“Taci, anima ignara: tu in estasi rapita, / tu dal riso di bimba ! Non sai ? Più che alla vita, / alla morte legati siamo indissolubilmente” ( XL. Semper eadem, trad. Bufalino de I fiori del male, Milano 1983, pp. 74-75 ) “Taisez-vous, ignorante ! ame toujours ravie !”

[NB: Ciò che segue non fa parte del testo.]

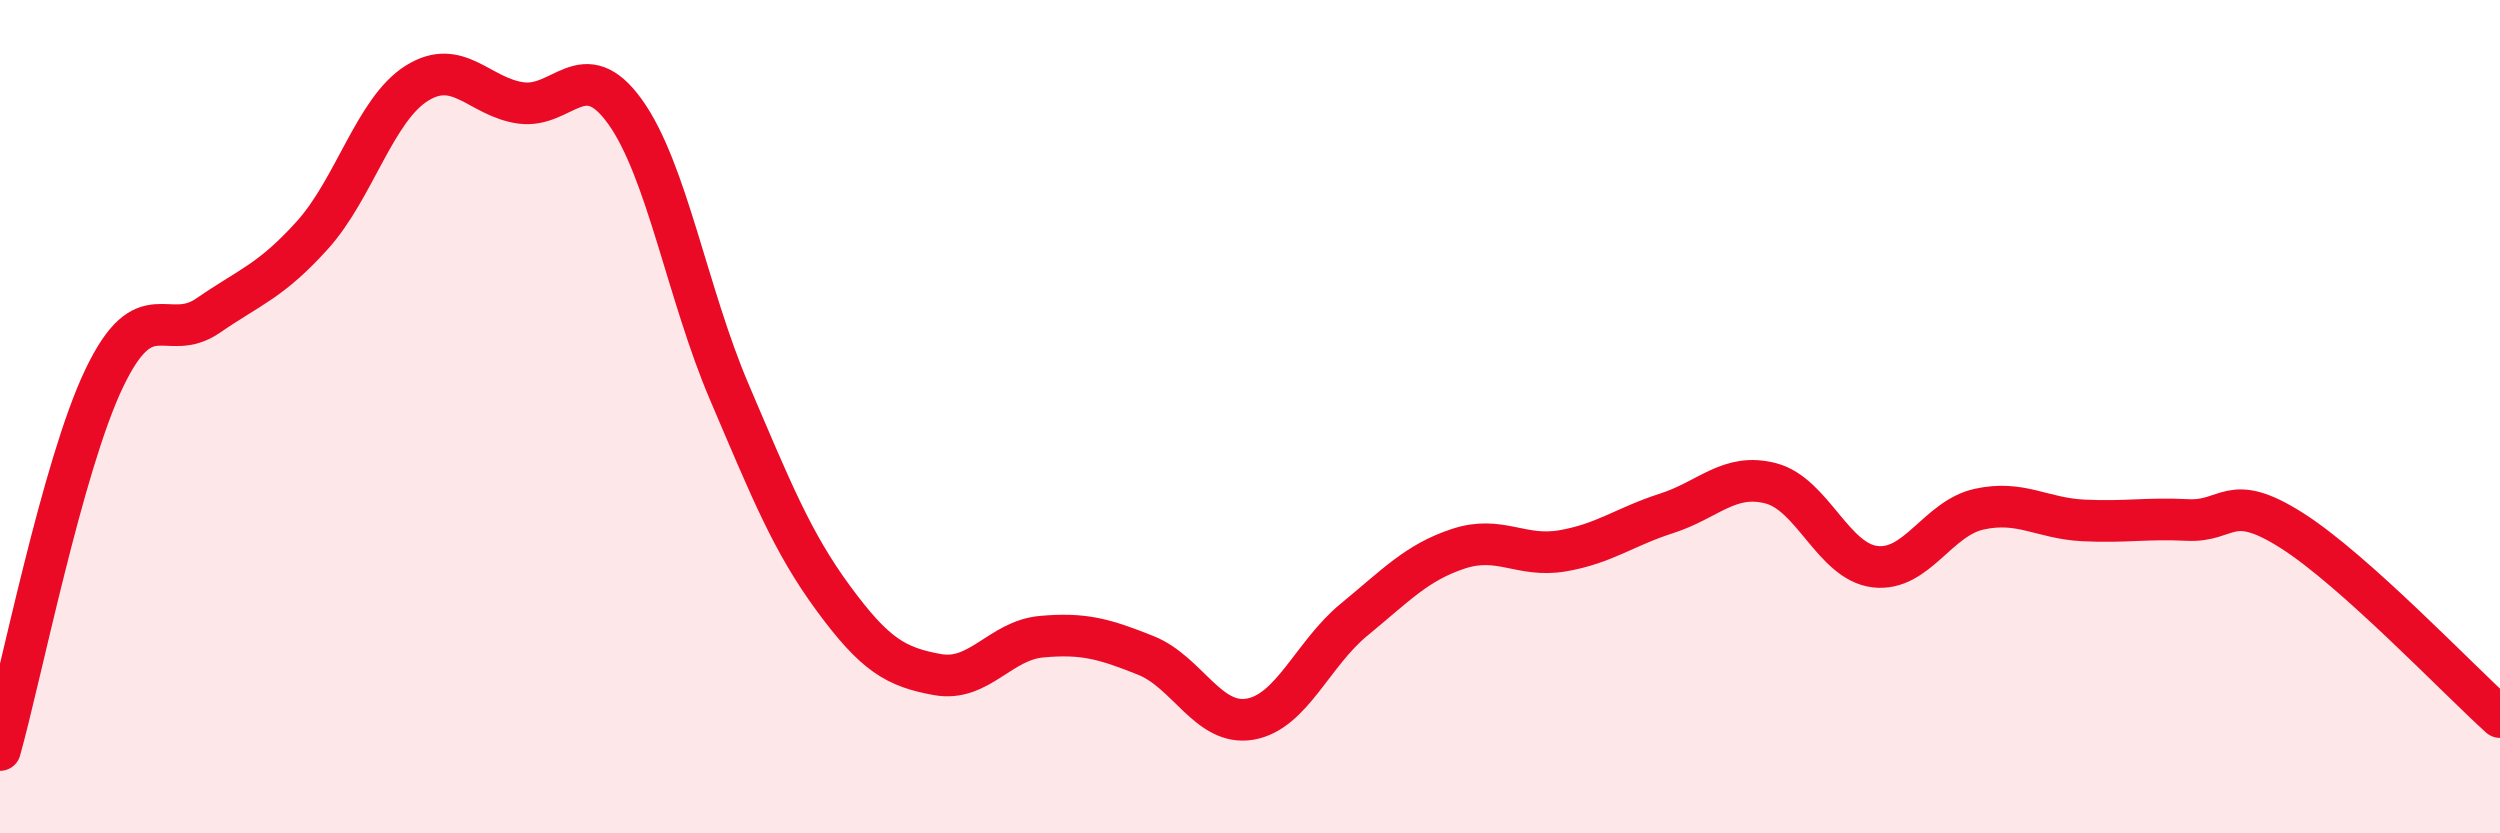 
    <svg width="60" height="20" viewBox="0 0 60 20" xmlns="http://www.w3.org/2000/svg">
      <path
        d="M 0,18 C 0.5,16.22 1.5,11.17 2.5,9.08 C 3.5,6.99 4,8.26 5,7.57 C 6,6.88 6.5,6.75 7.5,5.64 C 8.5,4.53 9,2.63 10,2 C 11,1.37 11.5,2.33 12.5,2.47 C 13.5,2.61 14,1.29 15,2.68 C 16,4.07 16.5,7.06 17.5,9.4 C 18.5,11.74 19,13 20,14.36 C 21,15.72 21.5,16.01 22.5,16.19 C 23.5,16.37 24,15.37 25,15.28 C 26,15.19 26.5,15.33 27.5,15.73 C 28.5,16.13 29,17.43 30,17.26 C 31,17.09 31.5,15.69 32.5,14.87 C 33.5,14.05 34,13.5 35,13.17 C 36,12.84 36.5,13.39 37.5,13.22 C 38.5,13.05 39,12.64 40,12.32 C 41,12 41.5,11.34 42.5,11.6 C 43.5,11.86 44,13.48 45,13.6 C 46,13.72 46.5,12.44 47.5,12.22 C 48.5,12 49,12.44 50,12.49 C 51,12.54 51.5,12.43 52.5,12.48 C 53.5,12.53 53.5,11.78 55,12.73 C 56.5,13.68 59,16.31 60,17.21L60 20L0 20Z"
        fill="#EB0A25"
        opacity="0.1"
        stroke-linecap="round"
        stroke-linejoin="round"
      />
      <path
        d="M 0,18 C 0.5,16.22 1.5,11.17 2.5,9.08 C 3.5,6.99 4,8.26 5,7.57 C 6,6.88 6.5,6.75 7.5,5.64 C 8.5,4.53 9,2.63 10,2 C 11,1.37 11.5,2.33 12.5,2.47 C 13.5,2.61 14,1.29 15,2.68 C 16,4.07 16.5,7.06 17.5,9.4 C 18.5,11.74 19,13 20,14.36 C 21,15.72 21.5,16.01 22.5,16.19 C 23.5,16.37 24,15.37 25,15.28 C 26,15.19 26.5,15.33 27.5,15.73 C 28.5,16.13 29,17.43 30,17.26 C 31,17.09 31.5,15.69 32.5,14.87 C 33.5,14.05 34,13.5 35,13.17 C 36,12.84 36.5,13.39 37.5,13.22 C 38.5,13.05 39,12.64 40,12.32 C 41,12 41.5,11.34 42.5,11.6 C 43.5,11.86 44,13.48 45,13.6 C 46,13.72 46.5,12.44 47.5,12.22 C 48.5,12 49,12.44 50,12.49 C 51,12.54 51.5,12.43 52.5,12.48 C 53.5,12.53 53.5,11.78 55,12.73 C 56.5,13.68 59,16.31 60,17.21"
        stroke="#EB0A25"
        stroke-width="1"
        fill="none"
        stroke-linecap="round"
        stroke-linejoin="round"
      />
    </svg>
  
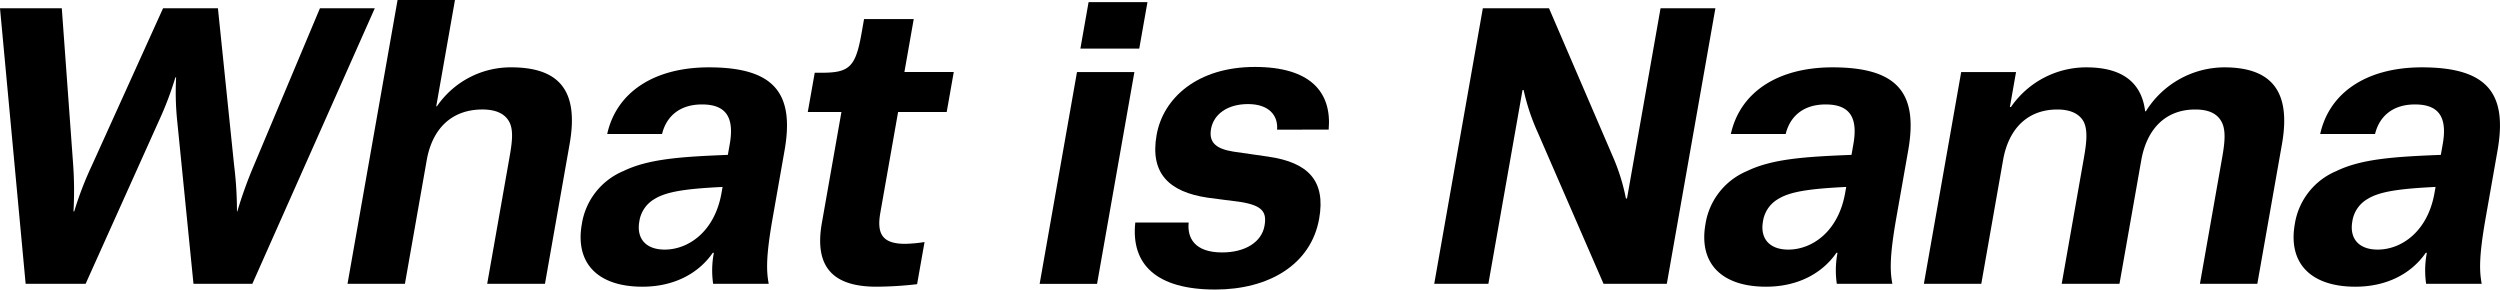 <svg id="img-caption-title-01-pc" xmlns="http://www.w3.org/2000/svg" width="504" height="58.381" viewBox="0 0 504 58.381">
  <path id="パス_42063" data-name="パス 42063" d="M1590.736,2859.48l-5.169-55.55h12.458l2.3,31.659a74.77,74.77,0,0,1,.057,9.294h.147a68.649,68.649,0,0,1,3.543-9.222l14.367-31.732H1629.5l3.264,31.659a75.2,75.2,0,0,1,.573,9.294h.073a86.342,86.342,0,0,1,3.322-9.222l13.336-31.732h11.057l-24.686,55.55h-11.867l-3.28-32.821a57.1,57.1,0,0,1-.22-8.786h-.147a67.051,67.051,0,0,1-3.306,8.713l-14.793,32.894Z" transform="translate(-1585.567 -2802.262)"/>
  <path id="パス_42064" data-name="パス 42064" d="M1684.716,2834.222c.526-2.977.912-5.592-.034-7.334s-2.882-2.469-5.388-2.469c-6.266,0-10.128,3.921-11.241,10.238l-4.392,24.906h-11.574l10.09-57.219h11.573l-3.776,21.42h.147a18.019,18.019,0,0,1,14.946-7.842c10.026,0,13.639,5.01,11.795,15.467l-4.968,28.174h-11.648Z" transform="translate(-1582.028 -2802.346)"/>
  <path id="パス_42065" data-name="パス 42065" d="M1709.172,2859.459c-8.993,0-13.616-4.72-12.22-12.635a13.91,13.91,0,0,1,8.369-10.674c5.08-2.469,11.717-2.9,21.069-3.267l.384-2.179c.96-5.445-.8-7.988-5.595-7.988-4.717,0-7.243,2.615-8.053,5.955h-11.058c1.841-8.351,9.371-13.434,20.5-13.434,13.269,0,17.274,5.3,15.25,16.773l-2.381,13.506c-1.37,7.77-1.306,10.747-.808,13.361h-11.205a18.83,18.83,0,0,1,.143-6.246h-.222C1720.383,2856.917,1715.365,2859.459,1709.172,2859.459Zm15.935-18.879.217-1.234c-7.436.362-11.37.944-13.777,2.469a6.248,6.248,0,0,0-3.006,4.5c-.6,3.413,1.286,5.664,5.12,5.664C1718.378,2851.98,1723.724,2848.422,1725.107,2840.58Z" transform="translate(-1579.654 -2801.66)"/>
  <path id="パス_42066" data-name="パス 42066" d="M1761.548,2806l-1.881,10.674h9.952l-1.422,8.059h-9.8l-3.585,20.332c-.768,4.356.521,6.244,5.017,6.244a29.08,29.08,0,0,0,3.9-.363l-1.5,8.495a72.869,72.869,0,0,1-8.2.509c-8.477,0-12.616-3.7-11-12.853l3.944-22.365h-6.783l1.4-7.915h1.4c5.6,0,6.84-1.162,8.043-7.987l.5-2.832Z" transform="translate(-1577.34 -2802.152)"/>
  <path id="パス_42067" data-name="パス 42067" d="M1792.1,2816.847h11.574l-7.528,42.7h-11.574Zm2.336-14.087h11.869l-1.651,9.366h-11.869Z" transform="translate(-1574.979 -2802.324)"/>
  <path id="パス_42068" data-name="パス 42068" d="M1831.473,2827.8c.218-2.9-1.67-5.156-5.873-5.156s-6.932,2.105-7.444,5.01c-.46,2.614.844,3.994,4.5,4.574l7.045,1.016c8.051,1.162,11.6,4.866,10.256,12.49-1.64,9.294-10.19,14.3-20.952,14.3-11.795,0-17.03-5.01-16.121-13.507h10.762c-.316,3.05,1.149,6.028,6.752,6.028,4.57,0,7.951-2.033,8.54-5.375.486-2.758-.389-4.065-4.757-4.792l-6.7-.871c-7.831-1.162-11.661-4.937-10.3-12.635,1.306-7.407,8.17-13.724,19.816-13.724,11.205,0,15.543,5.083,14.874,12.635Z" transform="translate(-1574.009 -2801.663)"/>
  <path id="パス_42069" data-name="パス 42069" d="M1869.9,2803.931h13.342l12.969,30.135a40.48,40.48,0,0,1,2.533,8.206h.221l6.76-38.34h11.058l-9.795,55.55h-12.753l-13.32-30.643a42.658,42.658,0,0,1-2.791-8.423h-.221l-6.888,39.066H1860.1Z" transform="translate(-1570.96 -2802.262)"/>
  <path id="パス_42070" data-name="パス 42070" d="M1924.254,2859.459c-8.993,0-13.616-4.72-12.22-12.635a13.908,13.908,0,0,1,8.369-10.674c5.08-2.469,11.717-2.9,21.069-3.267l.383-2.179c.96-5.445-.8-7.988-5.594-7.988-4.718,0-7.243,2.615-8.054,5.955h-11.057c1.841-8.351,9.371-13.434,20.5-13.434,13.268,0,17.273,5.3,15.25,16.773l-2.382,13.506c-1.369,7.77-1.3,10.747-.808,13.361h-11.2a18.855,18.855,0,0,1,.142-6.246h-.221C1935.464,2856.917,1930.446,2859.459,1924.254,2859.459Zm15.934-18.879.218-1.234c-7.436.362-11.371.944-13.778,2.469a6.253,6.253,0,0,0-3.006,4.5c-.6,3.413,1.287,5.664,5.12,5.664C1933.46,2851.98,1938.8,2848.422,1940.188,2840.58Z" transform="translate(-1568.21 -2801.66)"/>
  <path id="パス_42071" data-name="パス 42071" d="M1961.35,2816.183h11.058l-1.243,7.043h.222a18.426,18.426,0,0,1,15.193-7.988c7.666,0,11.192,3.414,11.854,8.858h.148a18.722,18.722,0,0,1,15.789-8.858c9.731,0,13.492,5.01,11.647,15.467l-4.968,28.174h-11.573l4.468-25.342c.525-2.977.838-5.592-.107-7.334s-2.734-2.469-5.315-2.469c-5.971,0-9.758,3.921-10.872,10.238l-4.392,24.906h-11.646l4.468-25.342c.525-2.977.838-5.592-.034-7.334-.946-1.743-2.882-2.469-5.314-2.469-6.044,0-9.832,3.921-10.934,10.166l-4.4,24.979h-11.573Z" transform="translate(-1565.973 -2801.66)"/>
  <path id="パス_42072" data-name="パス 42072" d="M2037.063,2859.459c-8.992,0-13.616-4.72-12.22-12.635a13.91,13.91,0,0,1,8.37-10.674c5.08-2.469,11.717-2.9,21.068-3.267l.384-2.179c.961-5.445-.8-7.988-5.594-7.988-4.717,0-7.242,2.615-8.053,5.955H2029.96c1.841-8.351,9.373-13.434,20.5-13.434,13.269,0,17.273,5.3,15.25,16.773l-2.381,13.506c-1.37,7.77-1.3,10.747-.808,13.361h-11.205a18.824,18.824,0,0,1,.143-6.246h-.221C2048.274,2856.917,2043.256,2859.459,2037.063,2859.459ZM2053,2840.58l.218-1.234c-7.436.362-11.372.944-13.778,2.469a6.251,6.251,0,0,0-3.006,4.5c-.6,3.413,1.287,5.664,5.119,5.664C2046.27,2851.98,2051.615,2848.422,2053,2840.58Z" transform="translate(-1562.208 -2801.66)"/>
</svg>

L’appello al cuore, in Baudelaire. Si pronunzia, così, il richiamo agli antichi spiriti: – ben più che nella specchiata descrittiva manzoniana dell’attraversamento dell’Adda –, come quel dibattimento interiore che, per essere il più lancinante, non smette la propria trasparenza nel riscatto della poesia, sollevando all’incantamento del sublime un mondo che inclina sull’orlo del precipizio e della disperazione. Ecco quel che, in forma sempre nuova, s’impone nella lettura del complesso e vigilato ordito de Les fleurs du mal (onde rinvio ai saggi di Notre infini e La ‘douceur’ chez Baudelaire, una delle ‘postille’ – quest’ultima – al Vivente originario ).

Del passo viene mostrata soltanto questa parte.